Thursday, 4 August 2011

N is for Newlyn

To continue my alphabet of British Arts and Crafts metalware - N is for the Newlyn Industrial Class, established in c1890 to provide training for unemployed fisherman to gain new skills as an alternative employment. Classes were provided in metal working under the direction of John Drew Mackenzie with assistance of artists such as John Pearson, T Gotch and Reginald Dick.

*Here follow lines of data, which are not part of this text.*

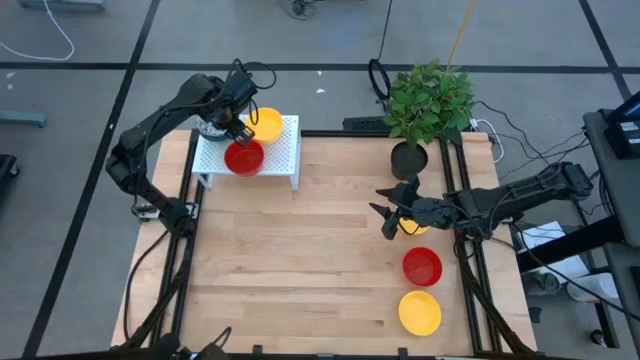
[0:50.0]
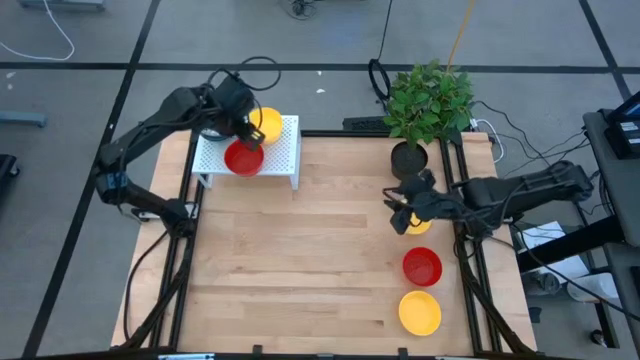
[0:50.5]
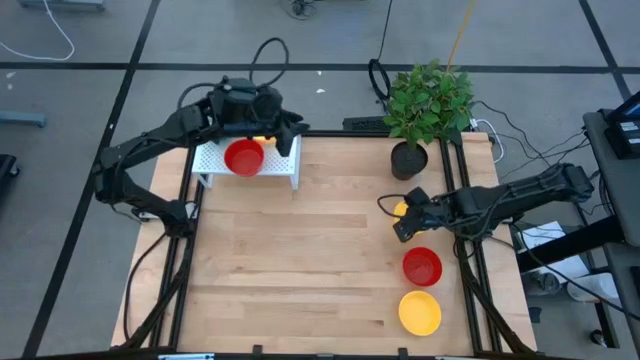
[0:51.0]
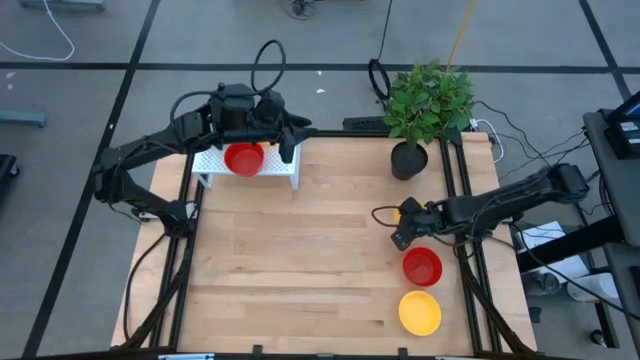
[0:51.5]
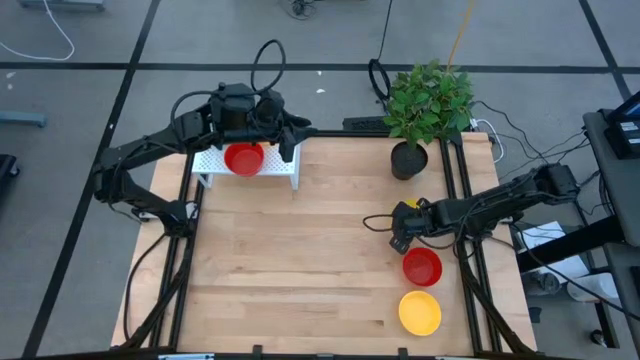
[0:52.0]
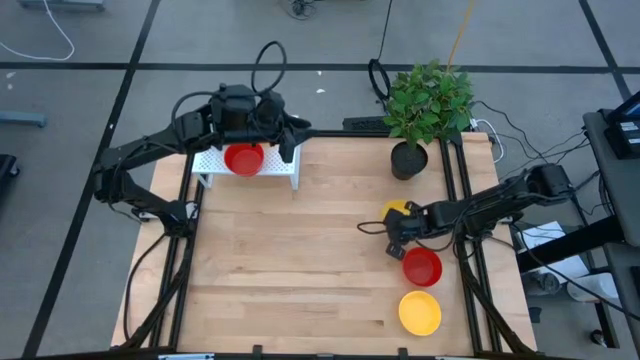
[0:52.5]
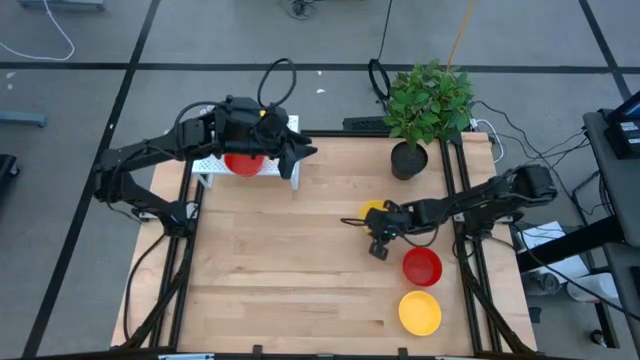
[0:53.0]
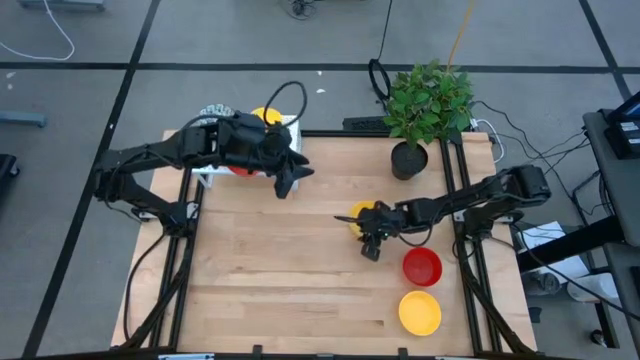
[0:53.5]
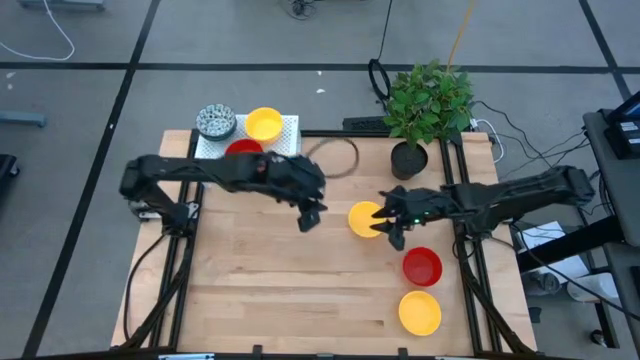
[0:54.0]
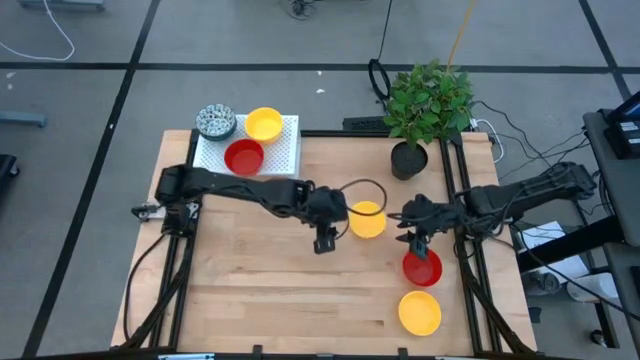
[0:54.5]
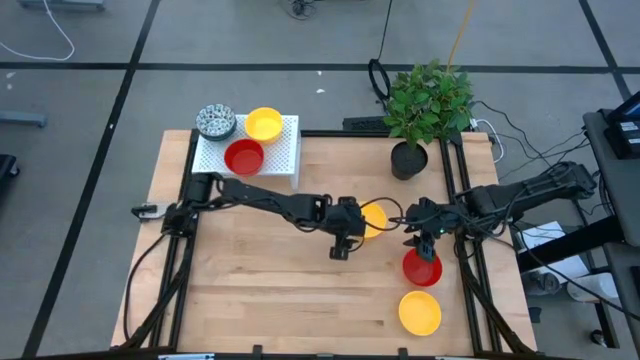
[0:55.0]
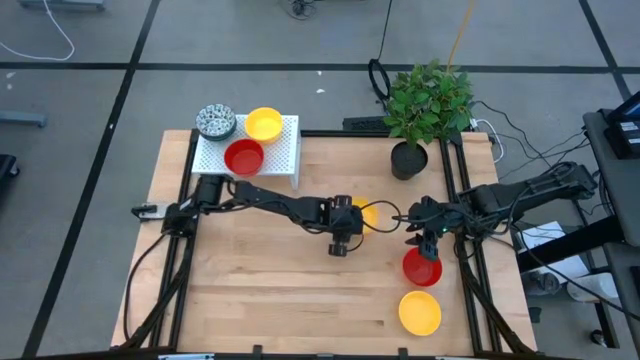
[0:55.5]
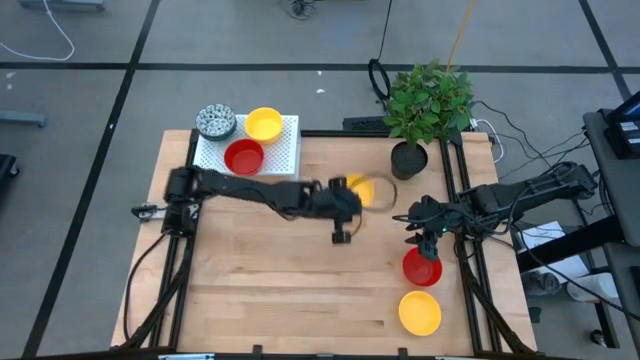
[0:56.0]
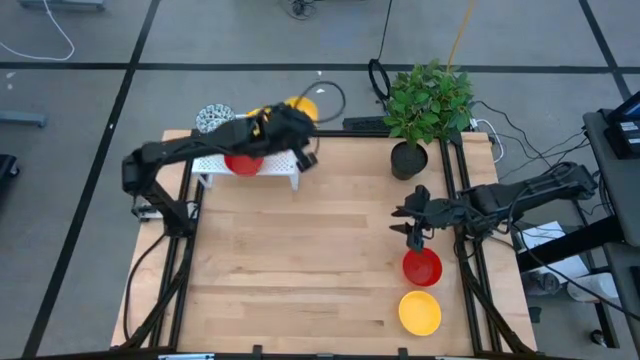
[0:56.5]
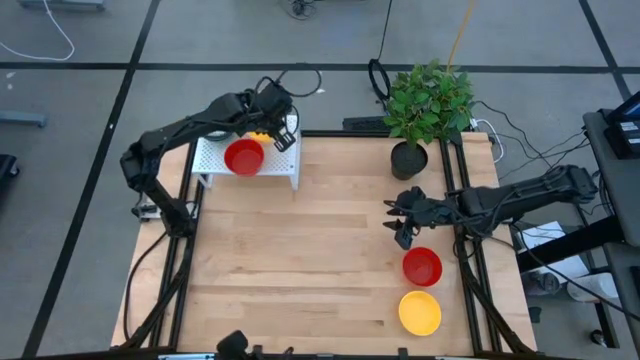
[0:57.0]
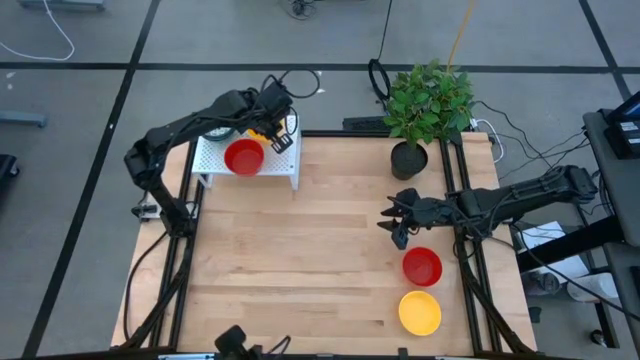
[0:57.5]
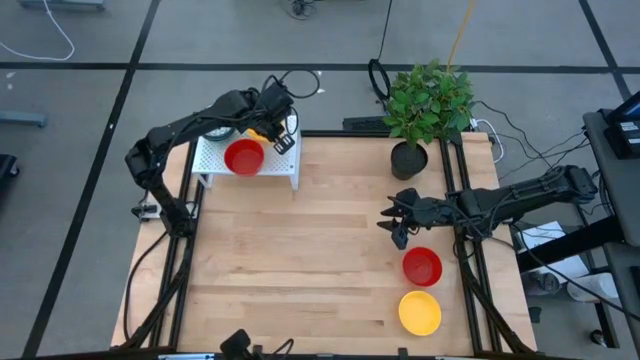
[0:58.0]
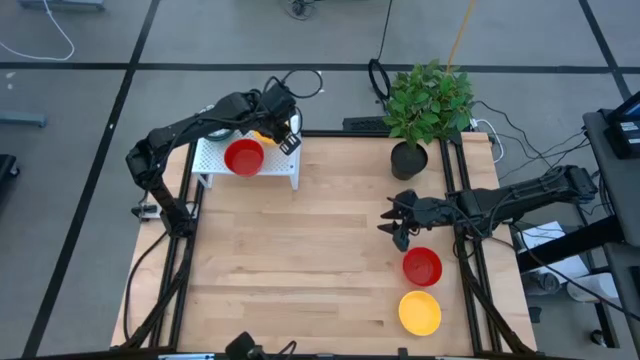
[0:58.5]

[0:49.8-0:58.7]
Stack the yellow bowl on top of the yellow bowl on the shelf

They produce some of the most collected British arts and crafts copper wares often decorated in the repousse manner with designs associated with the sea and coasts of Cornwall. Common motifs includes, fish, seagulls, fishing boats and local landmarks. Some silver jewellery with enamels were made but are rare. Many and varied shapes are seen, ranging from the small pin dishes and trays to more elaborate, teasets, inkwells, vases, boxes and mirrors

Almost always marked with a stamped "NEWLYN" - beware of spurious newlyn marks applied to all sorts of other metal ware.

Many other artist/coppersmiths worked independent of the class including John Pearson, Herbert Dyer, Joseph Pengelly, Phillip Hodder, William P. Wright, William Pezzack, Tom Batten, John Payne Cotton, Obed Nicholls, John Curnow, John Edgar Laity, George Mildren, and William Tonkin.